### [Instructions for the task]
Exact copies of all the entries are required, and no pictures should appear in them.

### [Records for the task]
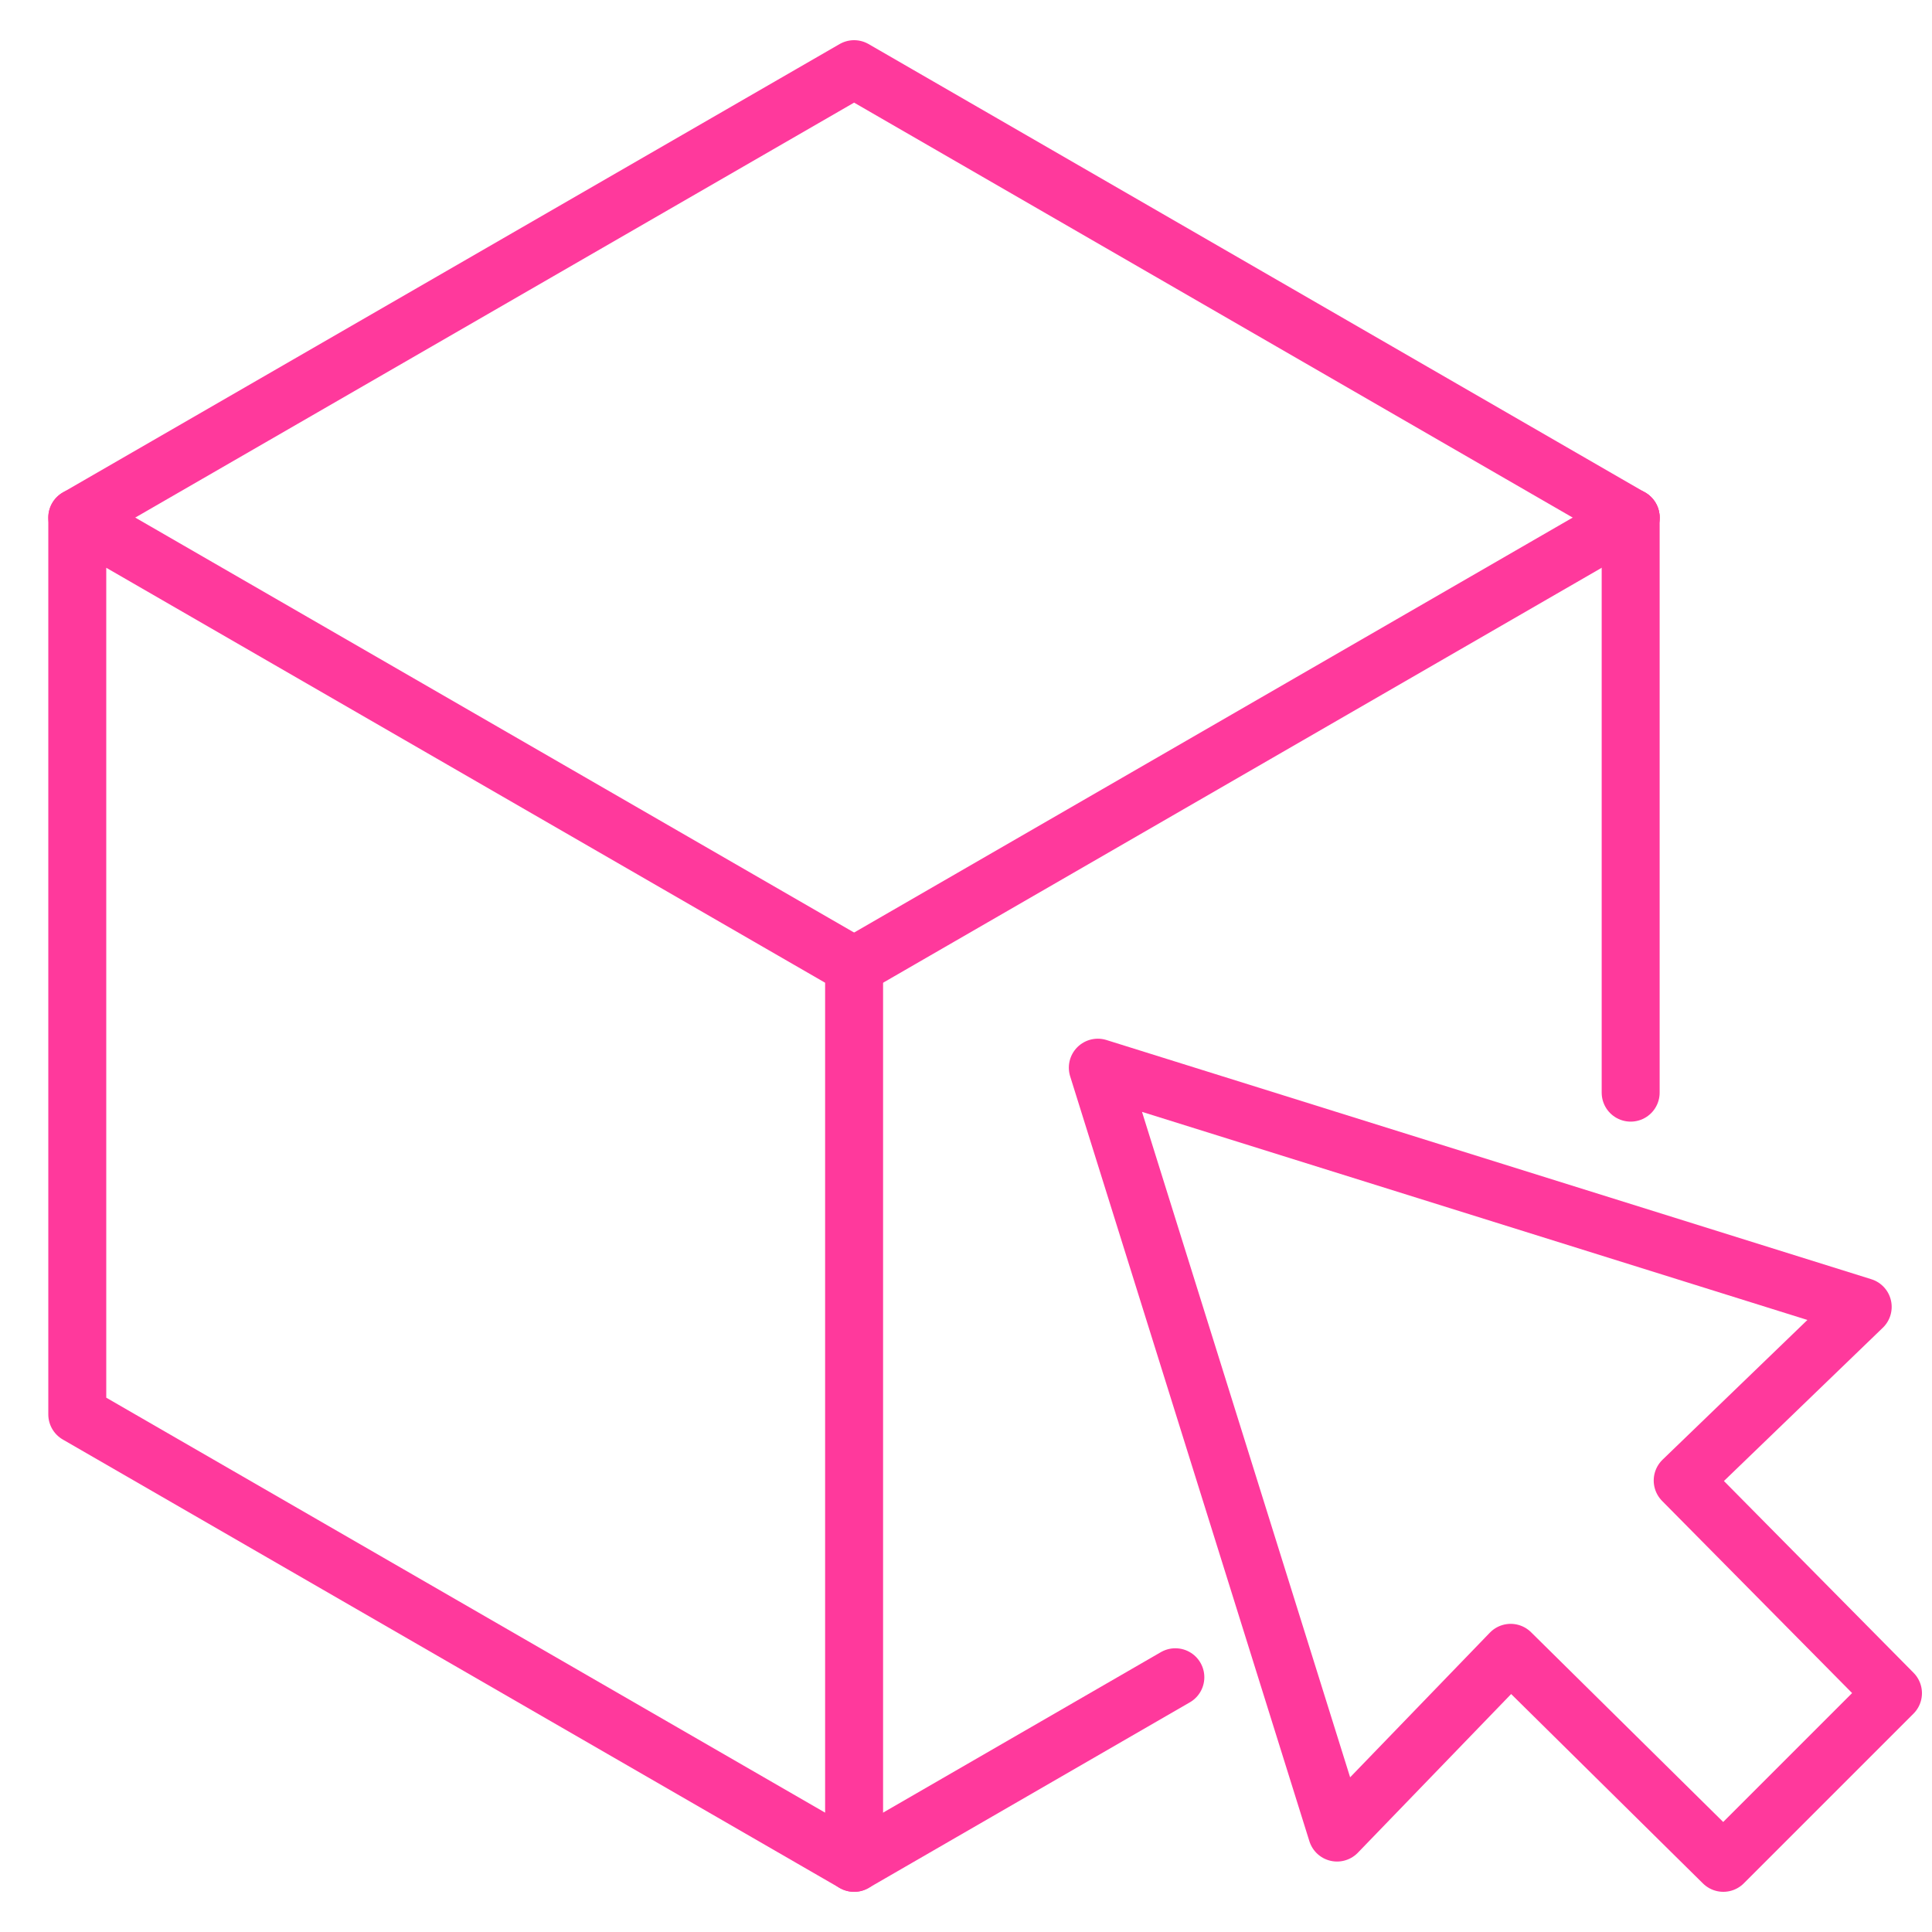 <svg width="100" height="100" viewBox="0 0 100 100" fill="none" xmlns="http://www.w3.org/2000/svg">
<path d="M56.823 55.263L69.205 94.853L78.192 85.55L89.199 96.42L97.98 87.639L87.096 76.632L96.413 67.644L56.823 55.263Z" stroke="#FF399C" stroke-width="3" stroke-miterlimit="10" stroke-linecap="round" stroke-linejoin="round"/>
<path d="M44.208 96.42V50L4 26.79V73.21L44.208 96.42Z" stroke="#FF399C" stroke-width="3" stroke-miterlimit="10" stroke-linecap="round" stroke-linejoin="round"/>
<path d="M84.403 56.555V26.79" stroke="#FF399C" stroke-width="3" stroke-miterlimit="10" stroke-linecap="round" stroke-linejoin="round"/>
<path d="M44.209 96.42L60.836 86.814" stroke="#FF399C" stroke-width="3" stroke-miterlimit="10" stroke-linecap="round" stroke-linejoin="round"/>
<path d="M84.403 26.79L44.208 3.58L4 26.79" stroke="#FF399C" stroke-width="3" stroke-miterlimit="10" stroke-linecap="round" stroke-linejoin="round"/>
<path d="M44.209 50L84.403 26.79" stroke="#FF399C" stroke-width="3" stroke-miterlimit="10" stroke-linecap="round" stroke-linejoin="round"/>
</svg>

### [Output for this exercise]
 <svg width="100" height="100" viewBox="0 0 100 100" fill="none" xmlns="http://www.w3.org/2000/svg">
<path d="M56.823 55.263L69.205 94.853L78.192 85.55L89.199 96.42L97.98 87.639L87.096 76.632L96.413 67.644L56.823 55.263Z" stroke="#FF399C" stroke-width="3" stroke-miterlimit="10" stroke-linecap="round" stroke-linejoin="round"/>
<path d="M44.208 96.42V50L4 26.79V73.21L44.208 96.42Z" stroke="#FF399C" stroke-width="3" stroke-miterlimit="10" stroke-linecap="round" stroke-linejoin="round"/>
<path d="M84.403 56.555V26.79" stroke="#FF399C" stroke-width="3" stroke-miterlimit="10" stroke-linecap="round" stroke-linejoin="round"/>
<path d="M44.209 96.42L60.836 86.814" stroke="#FF399C" stroke-width="3" stroke-miterlimit="10" stroke-linecap="round" stroke-linejoin="round"/>
<path d="M84.403 26.79L44.208 3.58L4 26.79" stroke="#FF399C" stroke-width="3" stroke-miterlimit="10" stroke-linecap="round" stroke-linejoin="round"/>
<path d="M44.209 50L84.403 26.79" stroke="#FF399C" stroke-width="3" stroke-miterlimit="10" stroke-linecap="round" stroke-linejoin="round"/>
</svg>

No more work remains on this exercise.